ImputeUBP

Overview

ImputeUBP implements Unsupervised Backpropagation (UBP) for genotype imputation. UBP learns a latent embedding for each sample and a decoder network that maps those embeddings to genotype logits. Unlike autoencoders, there is no encoder; the latent vectors are optimized directly with the decoder.

PG-SUI follows a modified UBP schedule inspired by Gashler et al. (2014): latent vectors are initialized with PCA, the decoder is refined with the embeddings frozen, and then both embeddings and decoder weights are jointly optimized.

Missingness is simulated once on the full matrix and reused across train/val/test splits; evaluation metrics are computed on simulated-missing positions only.

Model formulation

Let \(X \in \mathbb{R}^{N \times L}\) be the genotype matrix encoded as 0/1/2 (missing = -1). Each sample has a latent embedding \(v_i \in \mathbb{R}^{K}\) and a shared decoder \(f_W\):

\[\hat{X}_i = f_W(v_i)\]

Training minimizes a masked focal cross-entropy loss with optional class weights and L1 regularization on decoder weights:

\[\mathcal{L} = \frac{1}{|M|} \sum_{(i, j) \in M} w_{y_{ij}} (1 - p_{ij})^{\gamma} \log(p_{ij}) + \lambda \lVert W \rVert_1\]

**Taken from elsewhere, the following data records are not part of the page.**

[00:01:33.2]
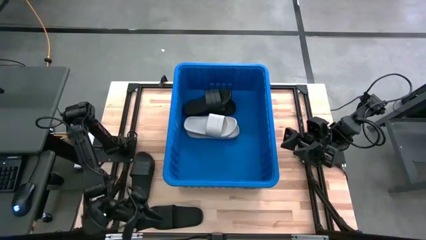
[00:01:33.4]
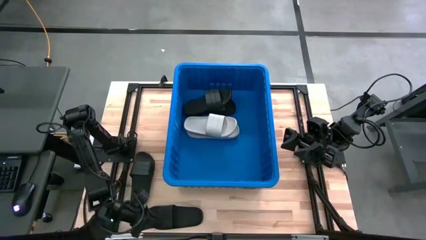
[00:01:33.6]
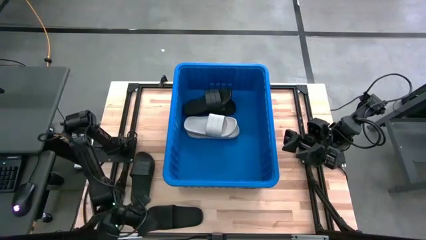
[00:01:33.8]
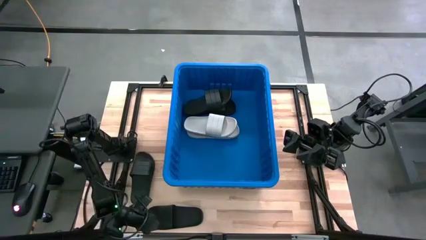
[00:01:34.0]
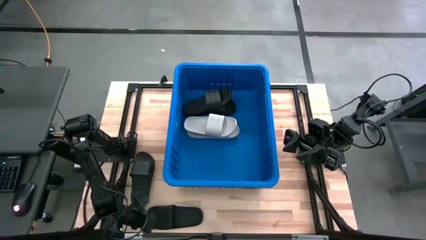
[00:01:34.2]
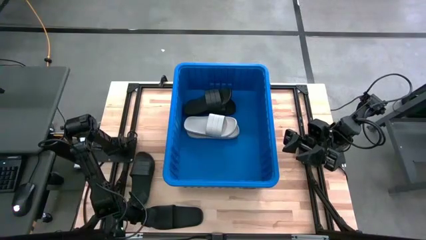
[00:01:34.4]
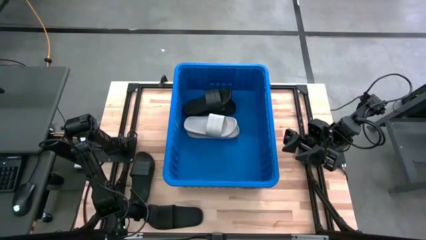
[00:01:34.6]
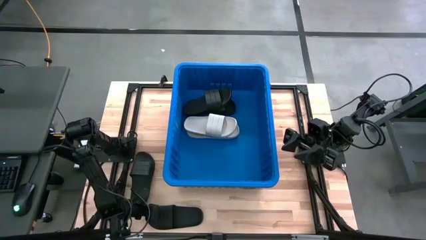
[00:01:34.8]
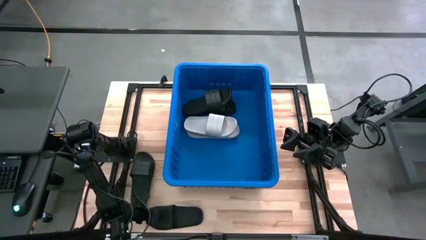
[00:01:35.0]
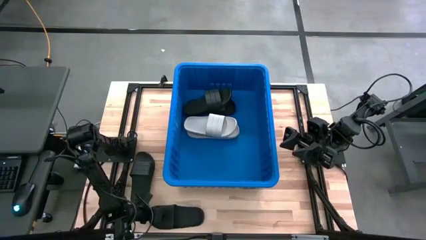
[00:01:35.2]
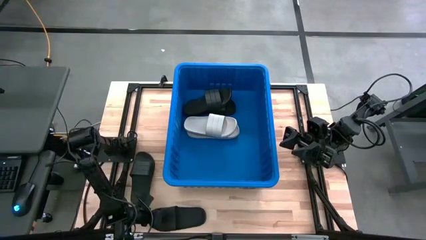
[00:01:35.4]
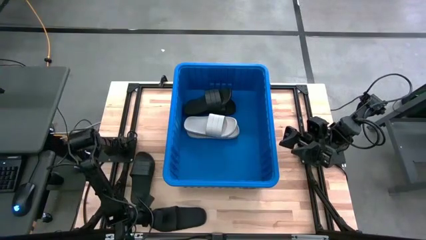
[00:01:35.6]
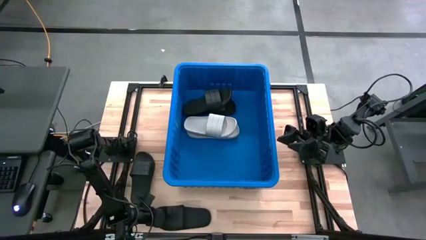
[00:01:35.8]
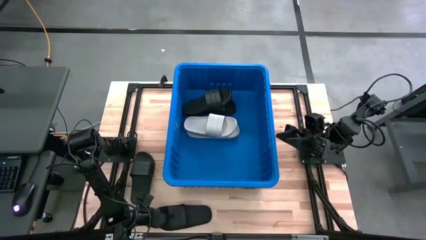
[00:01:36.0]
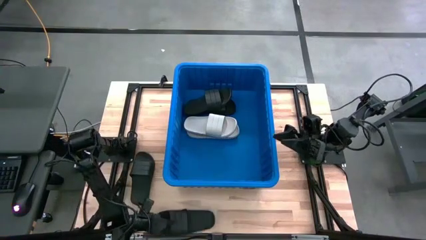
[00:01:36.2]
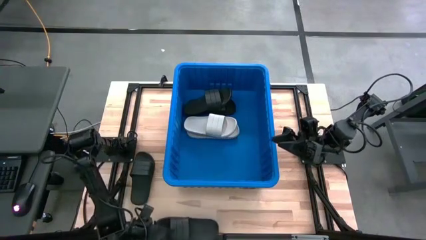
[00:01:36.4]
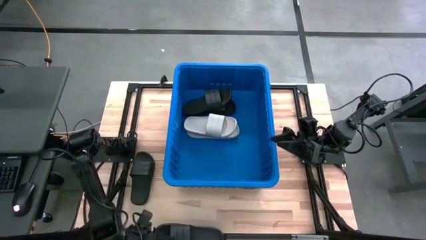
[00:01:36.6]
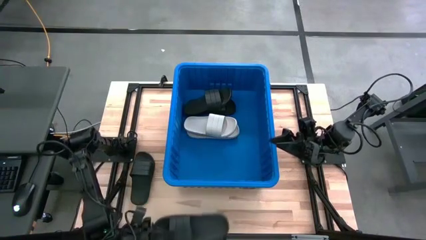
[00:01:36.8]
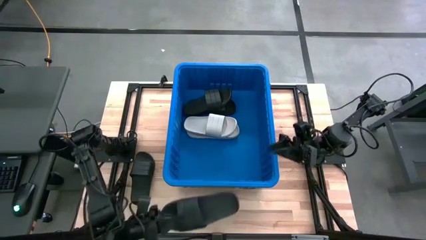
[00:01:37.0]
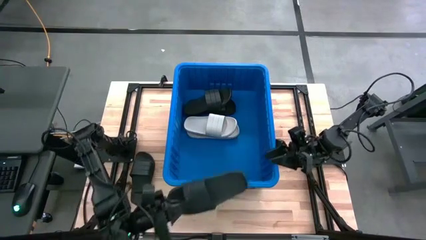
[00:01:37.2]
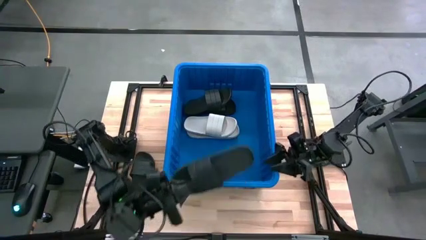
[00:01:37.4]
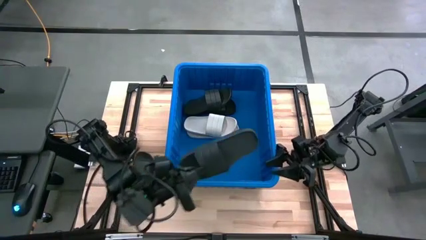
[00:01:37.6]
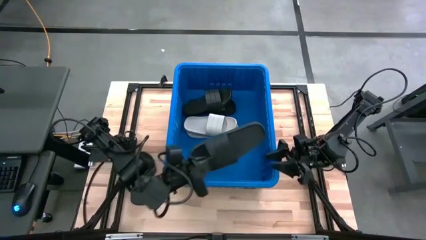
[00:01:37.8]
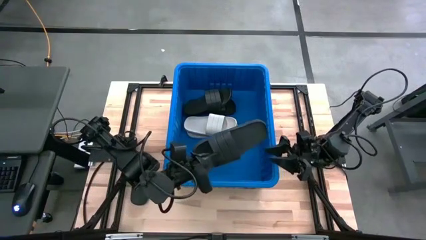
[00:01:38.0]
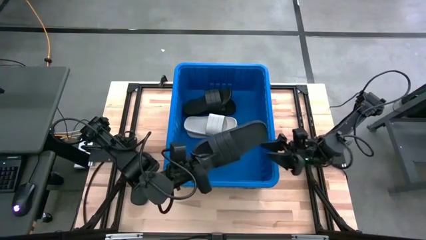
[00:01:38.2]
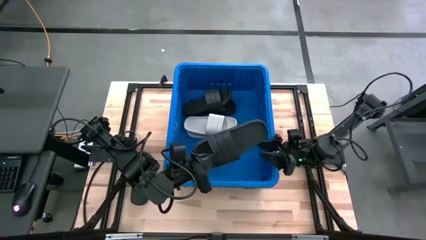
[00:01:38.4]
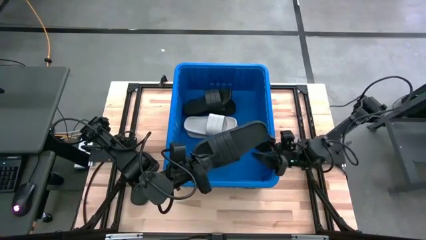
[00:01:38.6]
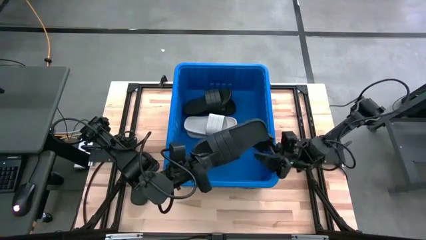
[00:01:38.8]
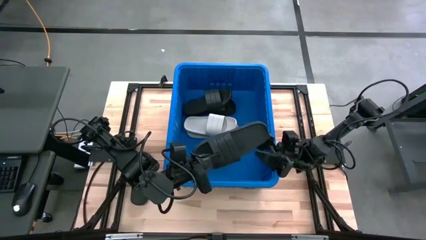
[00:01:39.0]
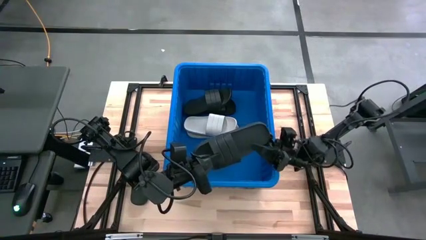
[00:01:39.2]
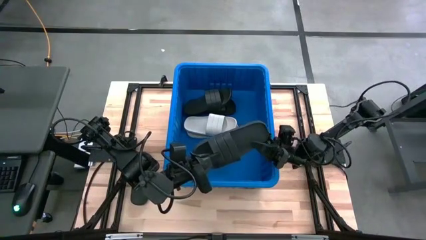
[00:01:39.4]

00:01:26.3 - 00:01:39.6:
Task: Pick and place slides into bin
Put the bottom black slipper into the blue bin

where \(M\) indexes observed entries, \(p_{ij}\) is the probability assigned to the true genotype class, and \(\gamma\) is the focal-loss gamma.

Training phases

Initialization (PCA warm start): latent embeddings are initialized by PCA on observed training genotypes.
Phase 2 (decoder refinement): freeze the embeddings and optimize decoder weights to reconstruct genotypes.
Phase 3 (joint refinement): jointly optimize embeddings and decoder weights, allowing embeddings to move off the linear PCA manifold.

Validation and inference use projection steps that refine embeddings with the decoder frozen, improving reconstruction on observed entries before scoring and final imputation.

Configuration highlights

ImputeUBP uses pgsui.data_processing.containers.UBPConfig with the standard io, model, train, tune, plot, and sim blocks. The ubp section adds projection controls:

ubp.projection_lr: learning rate for latent projection.
ubp.projection_epochs: number of projection steps per evaluation.
train.gamma_schedule: optionally anneal focal-loss gamma during training.

See Optuna Hyperparameter Tuning for Optuna-driven tuning details.

Usage

from snpio import VCFReader
from pgsui import ImputeUBP
from pgsui.data_processing.containers import UBPConfig

gdata = VCFReader("cohort.vcf.gz", popmapfile="pops.popmap")
cfg = UBPConfig.from_preset("balanced")
cfg.ubp.projection_lr = 0.03

model = ImputeUBP(genotype_data=gdata, config=cfg)
model.fit()
genotypes_iupac = model.transform()

References

Gashler, M. S., Smith, M. R., Morris, R., & Martinez, T. R. (2014). Missing Value Imputation with Unsupervised Backpropagation. Computational Intelligence, 32(2), 196-215.